Activity:
Nothing in the records may be altered, and no picture may be included. Restate them in full.

Source records:
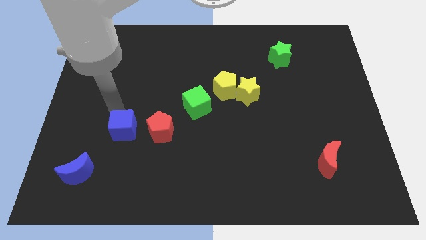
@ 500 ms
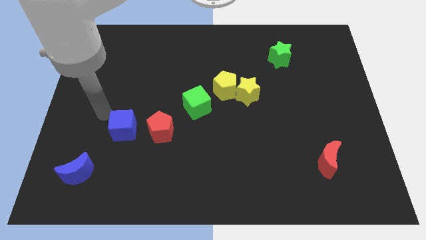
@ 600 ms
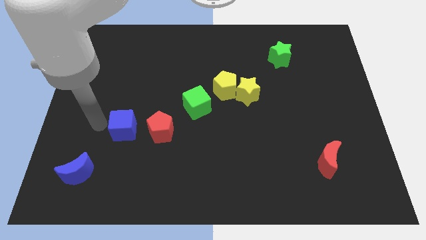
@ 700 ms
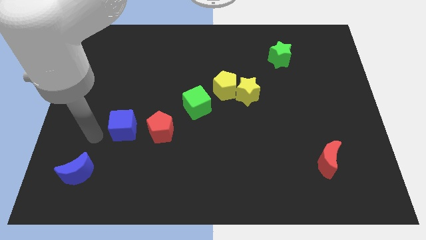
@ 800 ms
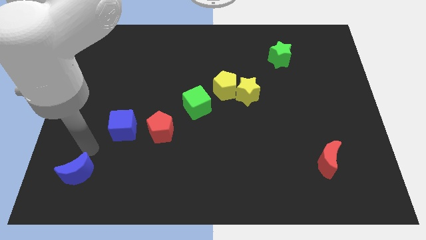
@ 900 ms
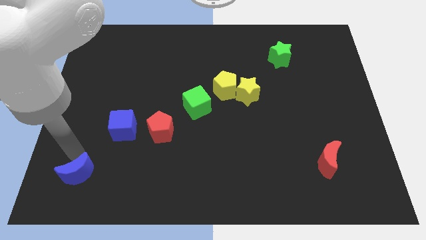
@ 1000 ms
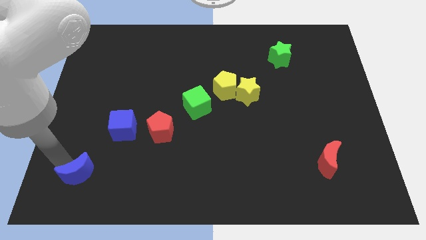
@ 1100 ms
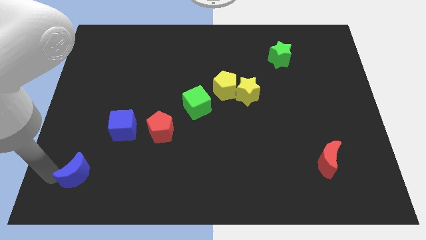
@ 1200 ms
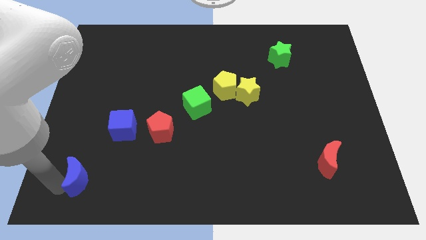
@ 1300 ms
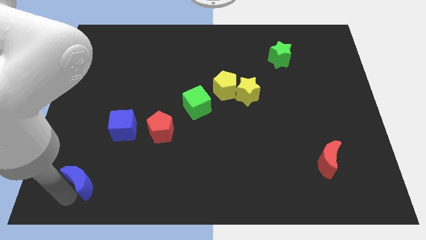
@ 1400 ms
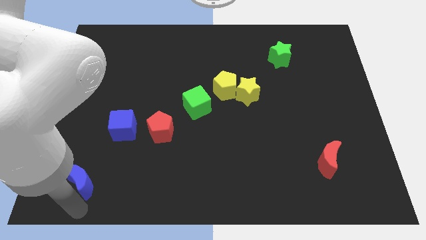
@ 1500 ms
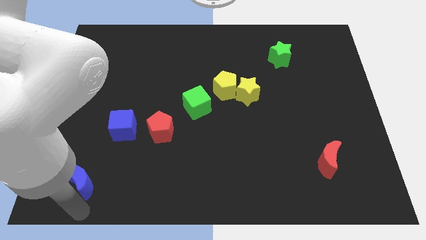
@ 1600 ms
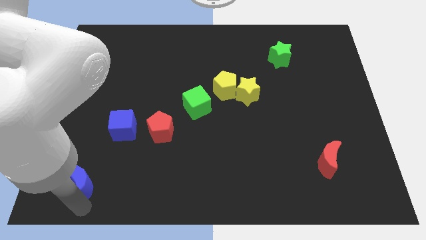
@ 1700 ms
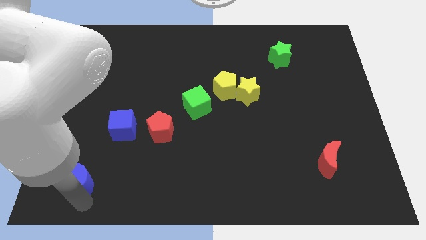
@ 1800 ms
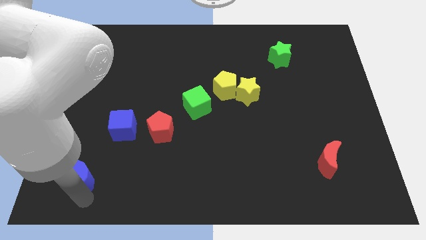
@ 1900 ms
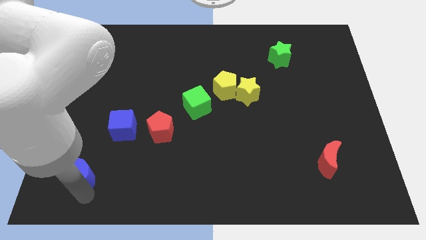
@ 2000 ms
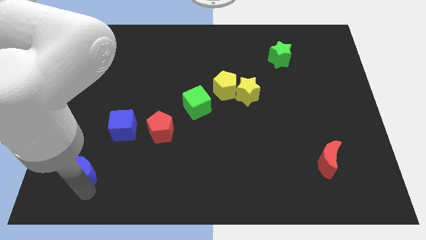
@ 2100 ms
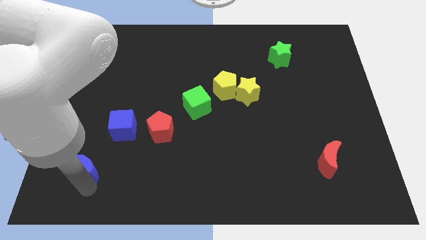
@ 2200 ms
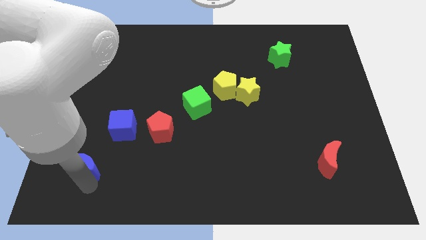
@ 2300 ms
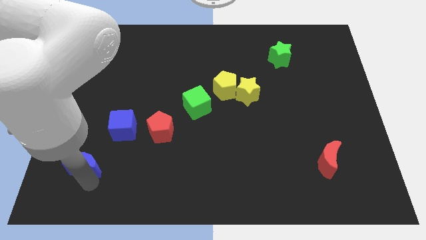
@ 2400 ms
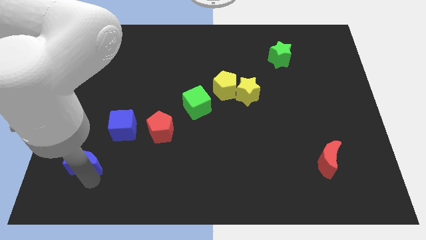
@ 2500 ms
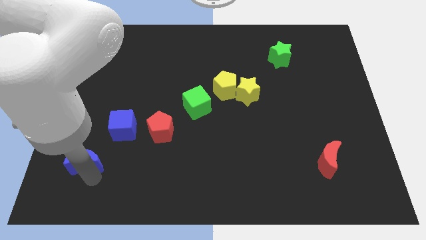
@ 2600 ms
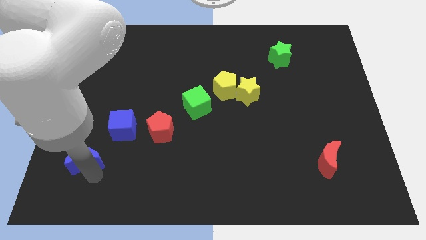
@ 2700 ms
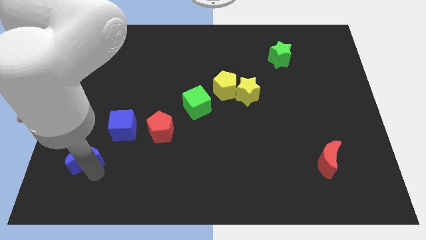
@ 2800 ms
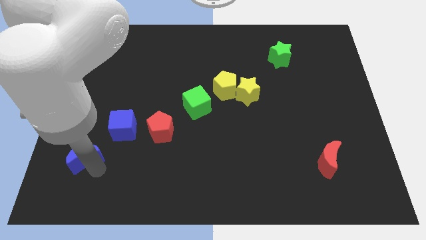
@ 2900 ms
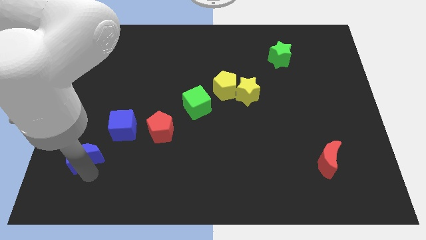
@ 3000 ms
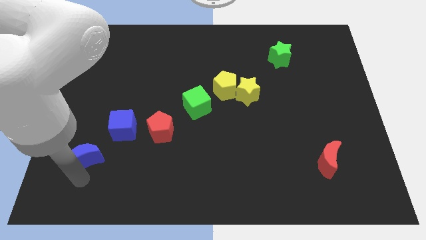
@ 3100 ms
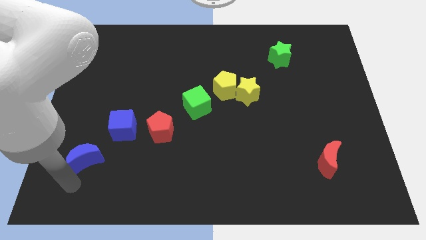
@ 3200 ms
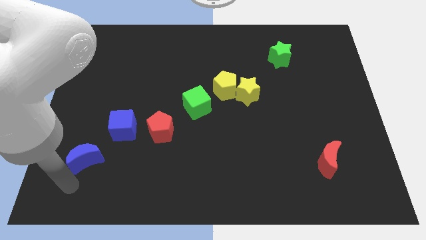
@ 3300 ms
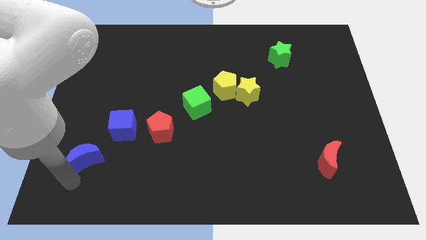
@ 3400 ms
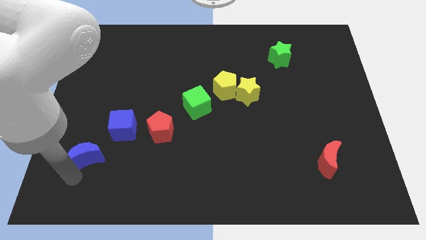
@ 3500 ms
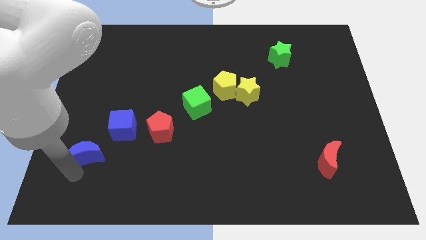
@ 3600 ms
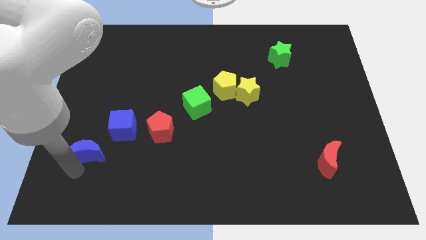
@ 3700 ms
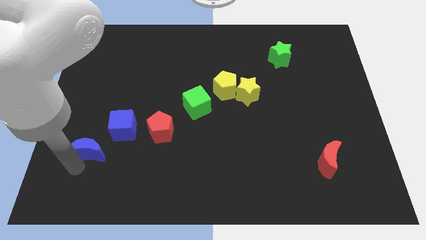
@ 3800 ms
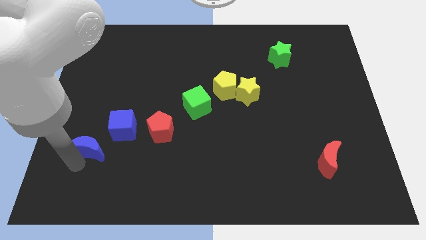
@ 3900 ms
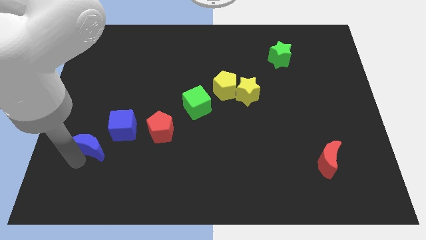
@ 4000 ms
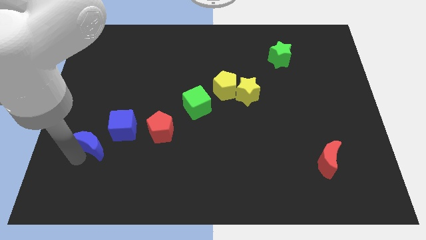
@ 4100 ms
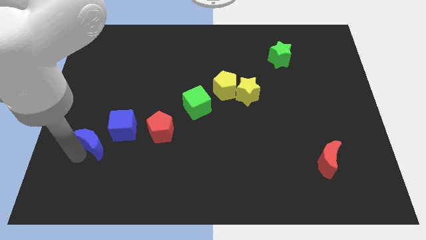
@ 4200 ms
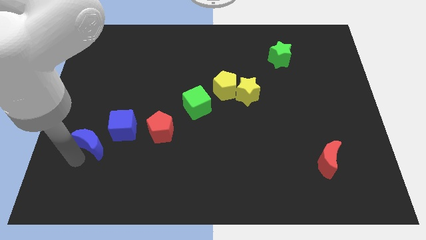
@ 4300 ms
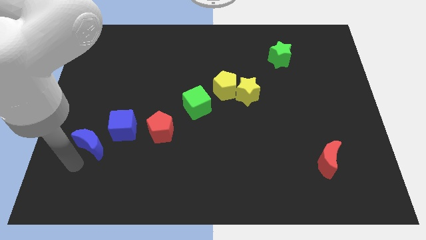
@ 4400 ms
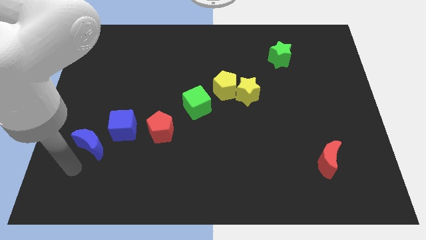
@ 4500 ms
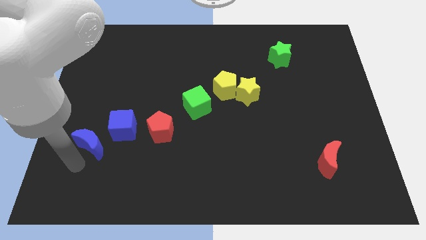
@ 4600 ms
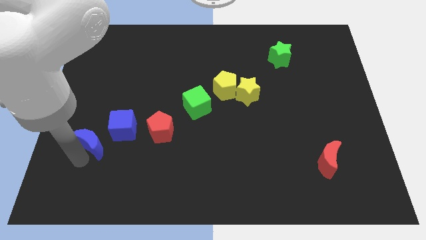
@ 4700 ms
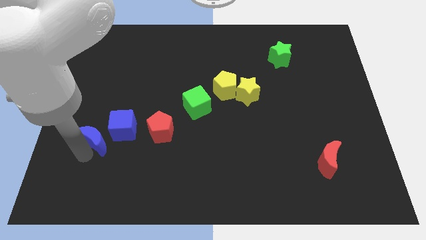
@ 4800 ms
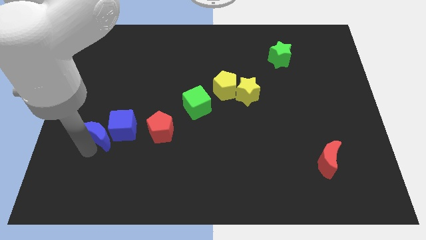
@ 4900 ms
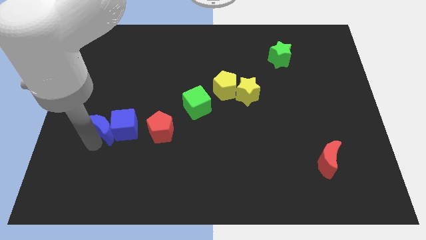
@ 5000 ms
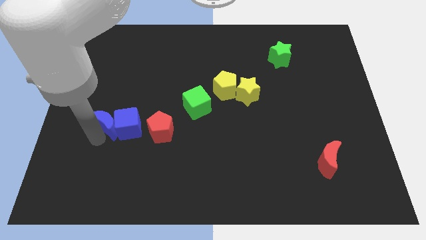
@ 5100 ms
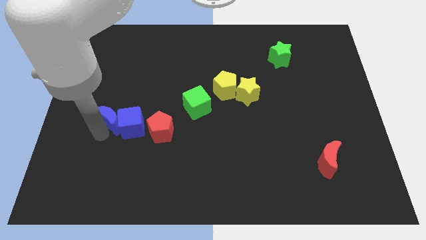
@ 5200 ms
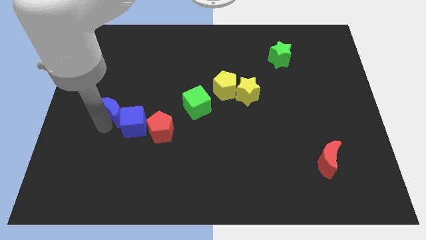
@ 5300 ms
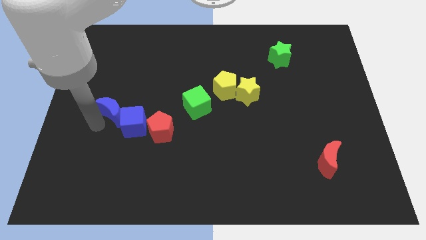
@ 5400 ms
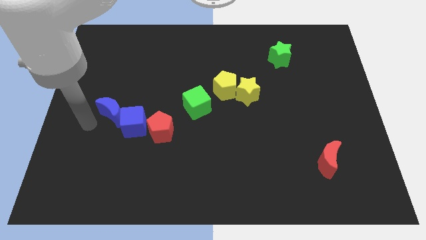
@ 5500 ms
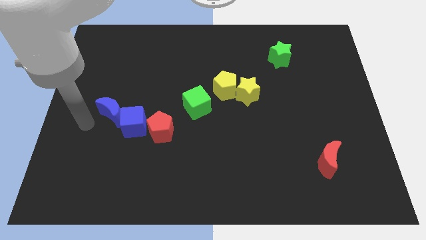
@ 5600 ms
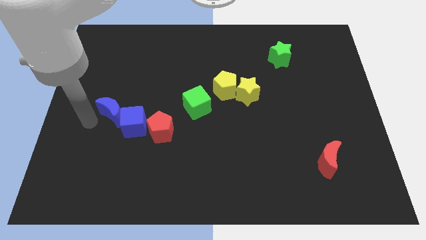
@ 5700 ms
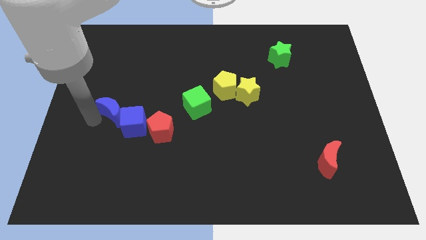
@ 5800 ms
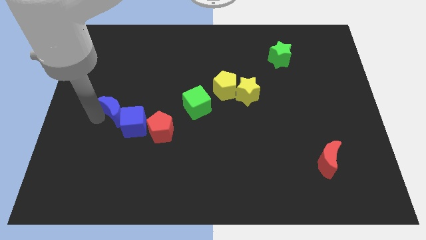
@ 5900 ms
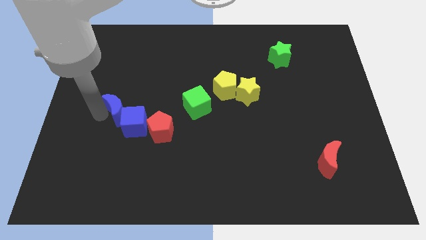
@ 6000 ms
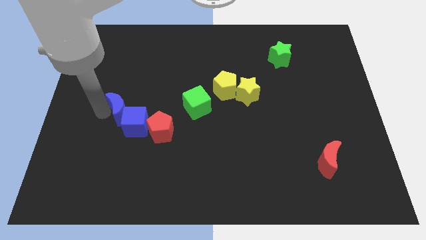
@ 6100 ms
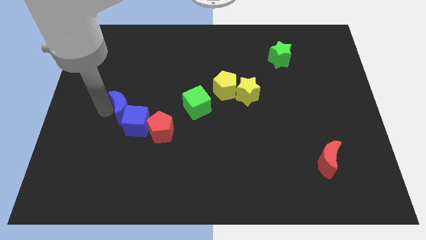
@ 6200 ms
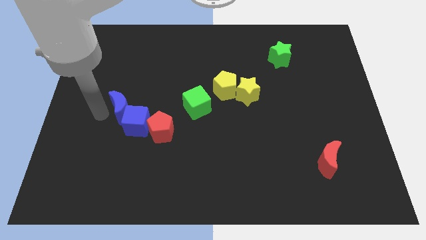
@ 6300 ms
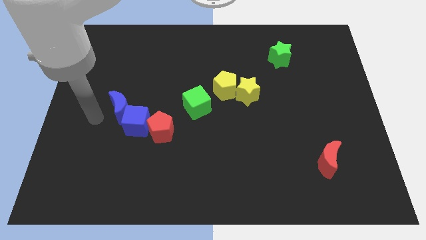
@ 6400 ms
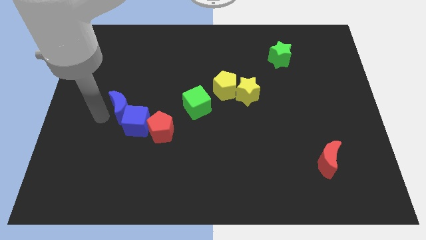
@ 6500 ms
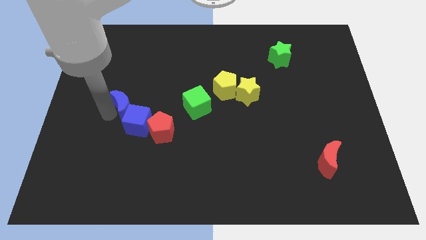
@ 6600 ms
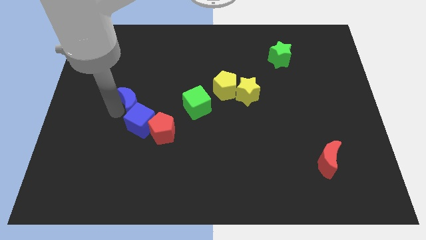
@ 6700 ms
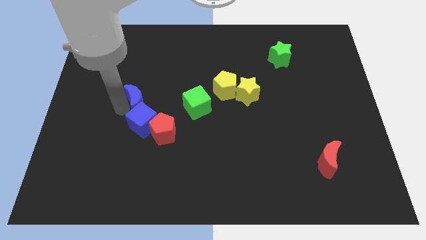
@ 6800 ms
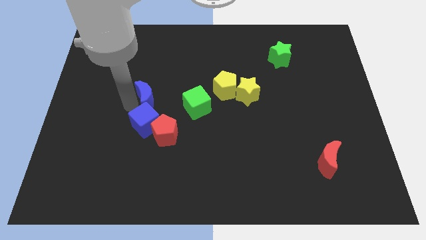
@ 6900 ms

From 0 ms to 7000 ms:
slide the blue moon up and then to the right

Answer to this task:
@ 500 ms
@ 600 ms
@ 700 ms
@ 800 ms
@ 900 ms
@ 1000 ms
@ 1100 ms
@ 1200 ms
@ 1300 ms
@ 1400 ms
@ 1500 ms
@ 1600 ms
@ 1700 ms
@ 1800 ms
@ 1900 ms
@ 2000 ms
@ 2100 ms
@ 2200 ms
@ 2300 ms
@ 2400 ms
@ 2500 ms
@ 2600 ms
@ 2700 ms
@ 2800 ms
@ 2900 ms
@ 3000 ms
@ 3100 ms
@ 3200 ms
@ 3300 ms
@ 3400 ms
@ 3500 ms
@ 3600 ms
@ 3700 ms
@ 3800 ms
@ 3900 ms
@ 4000 ms
@ 4100 ms
@ 4200 ms
@ 4300 ms
@ 4400 ms
@ 4500 ms
@ 4600 ms
@ 4700 ms
@ 4800 ms
@ 4900 ms
@ 5000 ms
@ 5100 ms
@ 5200 ms
@ 5300 ms
@ 5400 ms
@ 5500 ms
@ 5600 ms
@ 5700 ms
@ 5800 ms
@ 5900 ms
@ 6000 ms
@ 6100 ms
@ 6200 ms
@ 6300 ms
@ 6400 ms
@ 6500 ms
@ 6600 ms
@ 6700 ms
@ 6800 ms
@ 6900 ms

From 0 ms to 7000 ms:
slide the blue moon up and then to the right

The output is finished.